L’ANTRE de la FOLIE

Après moi le délire

In the Mouth of Madness1

« La peur et l’horreur sont des émotions aveuglantes qui démantibulent nos échasses d’adultes et nous laissent dans le noir absolu, aussi désemparés que des enfants incapables de trouver l’interrupteur. »

Stephen King, Anatomie de l’horreur, chapitre 5.

« Do you read Sutter Cane ? » A cette question mieux vaut répondre par la négative sous peine de se retrouver le crâne fendu d’un coup de hache porté par un type en imperméable.

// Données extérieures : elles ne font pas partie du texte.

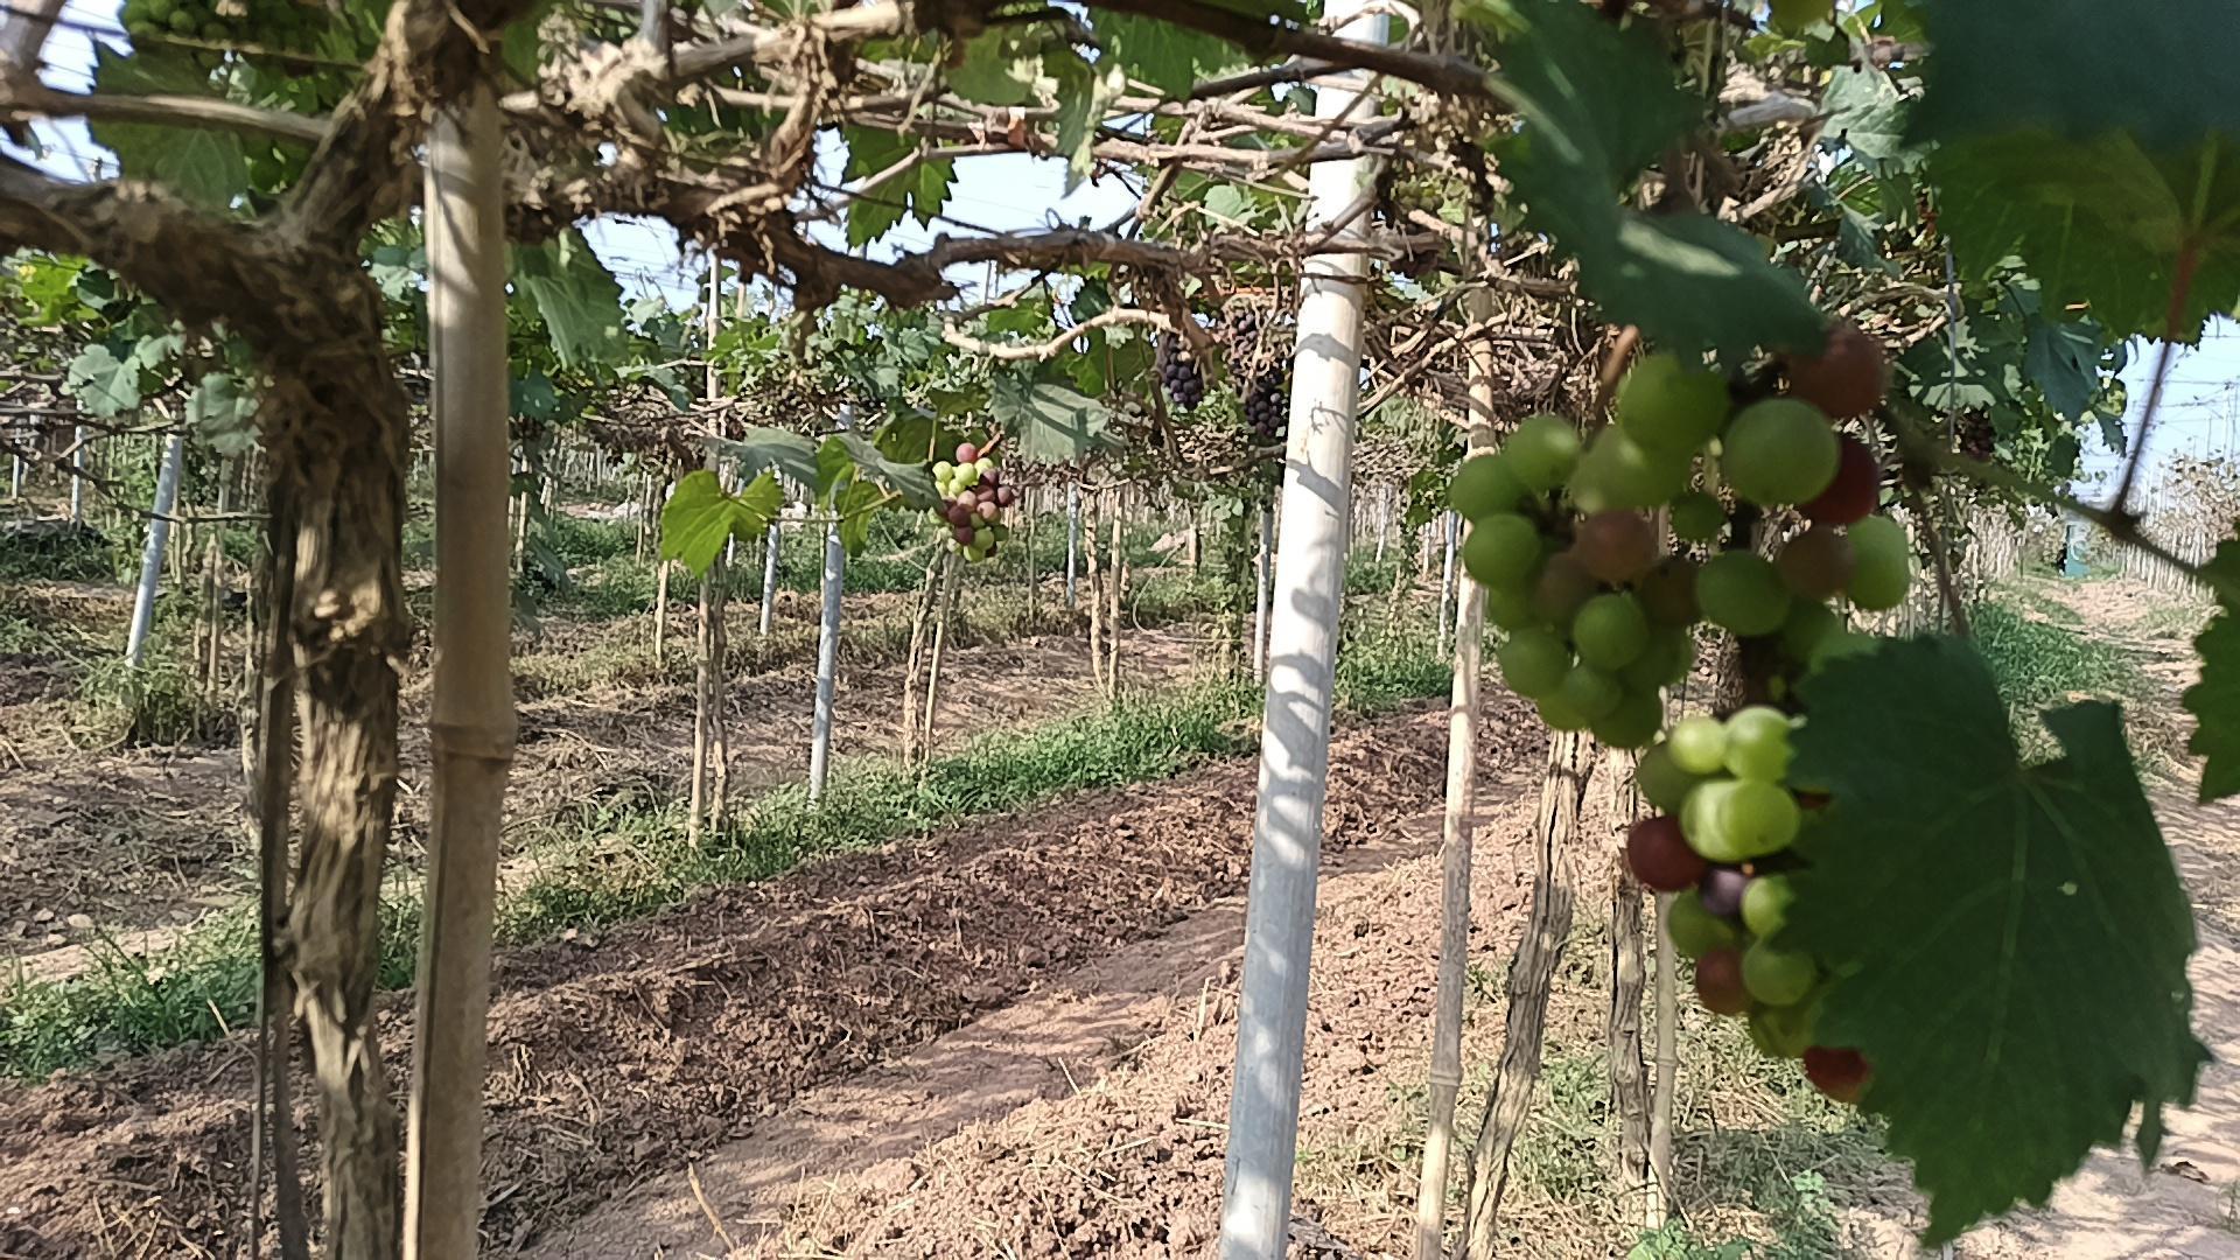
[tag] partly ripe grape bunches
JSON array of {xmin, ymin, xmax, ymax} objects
[
  {"xmin": 1448, "ymin": 316, "xmax": 1910, "ymax": 1102},
  {"xmin": 932, "ymin": 440, "xmax": 1015, "ymax": 558}
]
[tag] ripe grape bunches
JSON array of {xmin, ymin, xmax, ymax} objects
[
  {"xmin": 1154, "ymin": 327, "xmax": 1205, "ymax": 411},
  {"xmin": 1242, "ymin": 366, "xmax": 1289, "ymax": 448}
]
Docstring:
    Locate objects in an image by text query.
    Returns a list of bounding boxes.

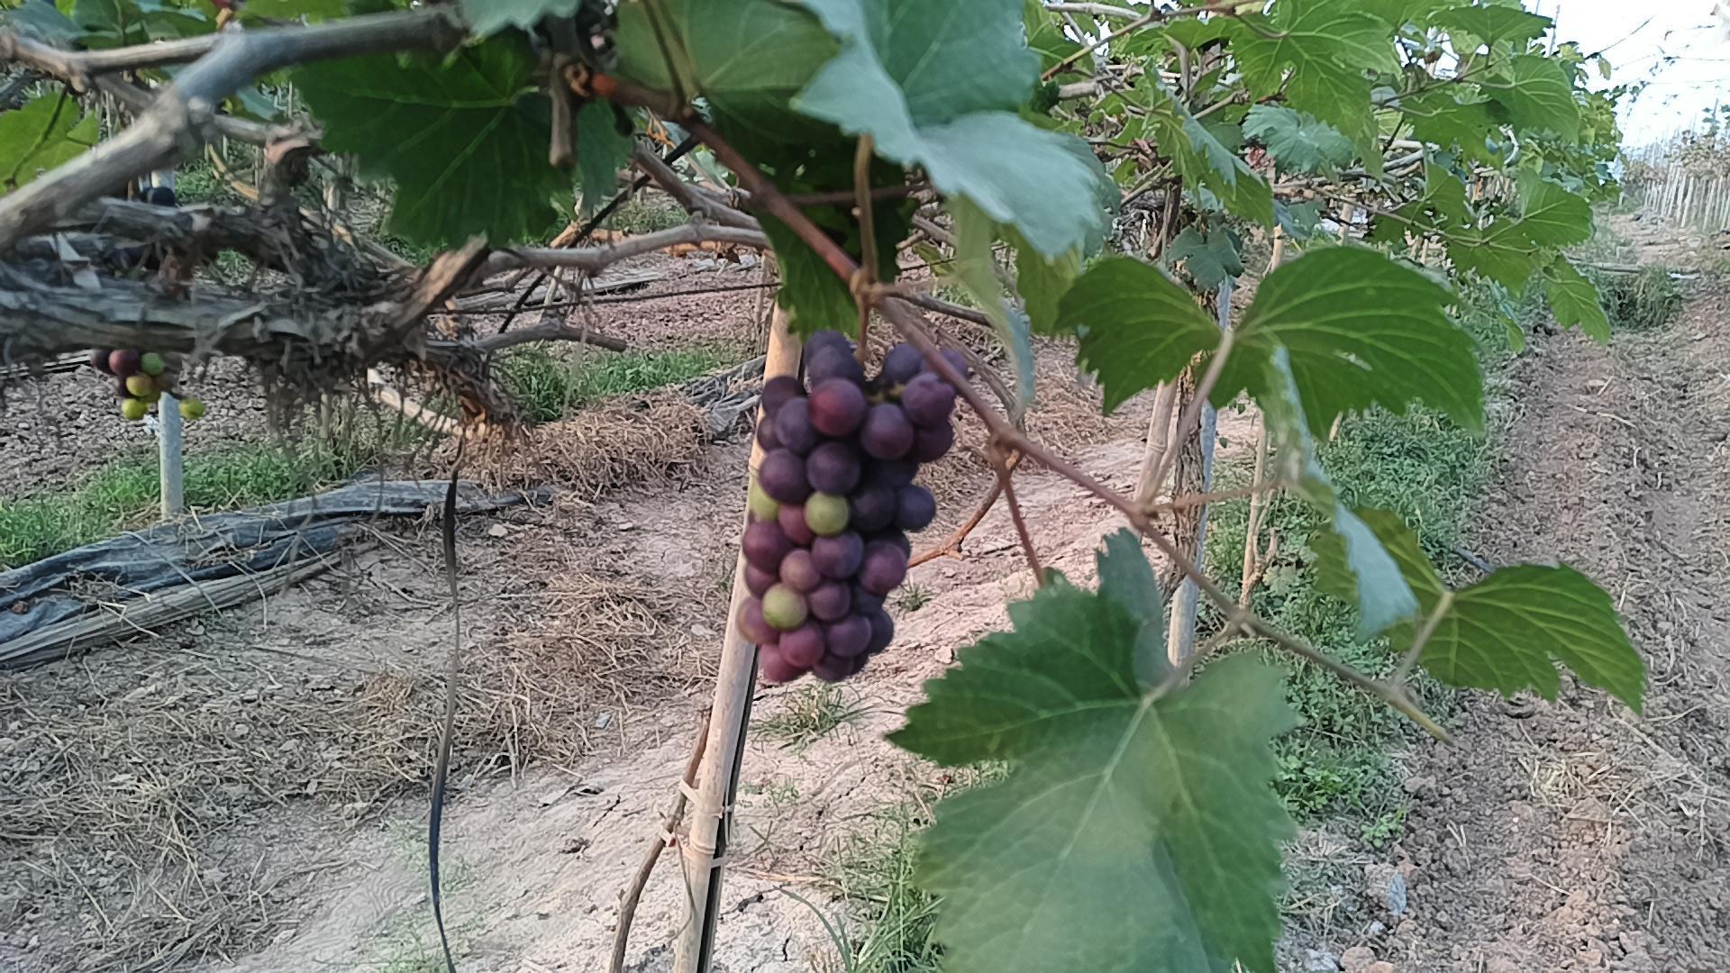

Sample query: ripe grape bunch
[139,186,177,206]
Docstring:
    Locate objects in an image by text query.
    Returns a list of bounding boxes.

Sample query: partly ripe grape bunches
[93,350,204,420]
[736,331,955,682]
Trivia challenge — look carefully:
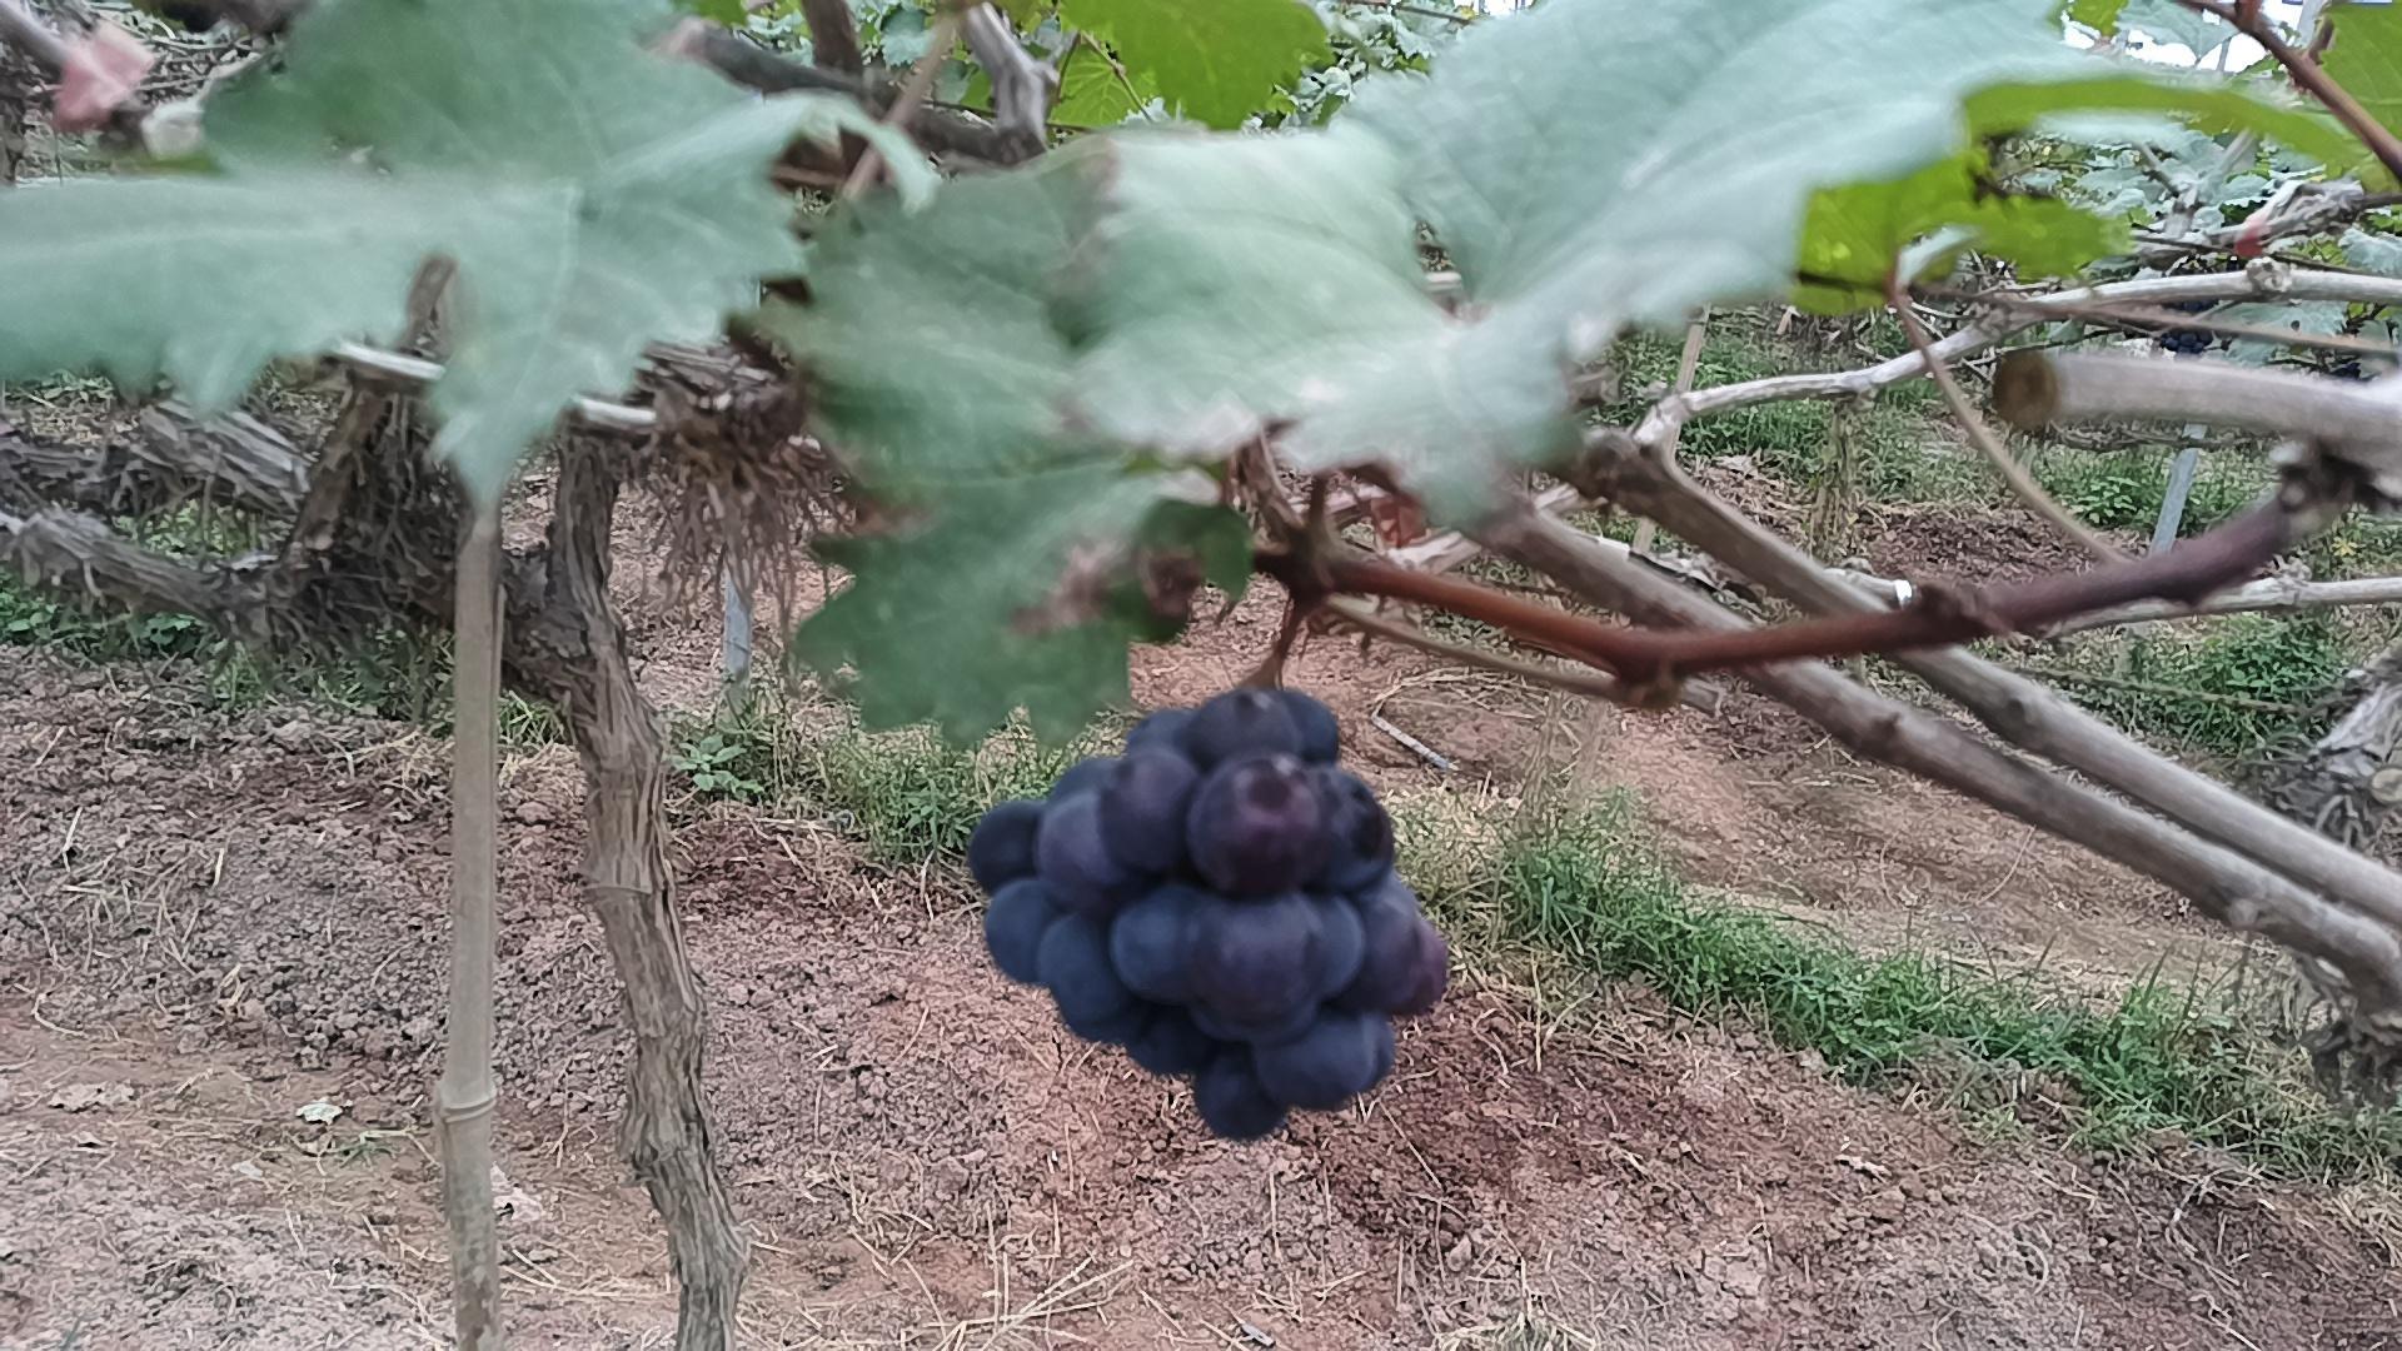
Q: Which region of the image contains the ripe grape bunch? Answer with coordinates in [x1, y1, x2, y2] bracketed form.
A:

Au mitan des années quatre-vingt-dix, John Carpenter a pris rendez-vous avec la peur, bien décidé à enfoncer les portes de la déraison. L’esprit aussi enfiévré que celui d’Howard Philip Lovecraft lors de son séjour à Brooklyn, il s’engouffre à corps et à cœur perdus dans « l’antre de la folie », vendant son âme au scénariste Michael DeLuca, accessoirement ponte de la firme New Line Cinema. Fini de jouer les hommes invisibles pour une relecture en demi-teinte du roman d’H.G. Wells, le réalisateur repart sur des chemins plus tortueux, retourne à des atmosphères plus sulfureuses. Moustache parfaitement affûtée et charge de guitares héroïques dès l’entame du générique, le voici bien décidé à titiller l’irrationnel à sa façon, à faire siennes ces contrées de l’épouvante écrites sur un plateau pour boucler ce qui ressemblera bientôt à un cycle apocalyptique entamé quinze ans plus tôt sous les glaces de l’Antarctique.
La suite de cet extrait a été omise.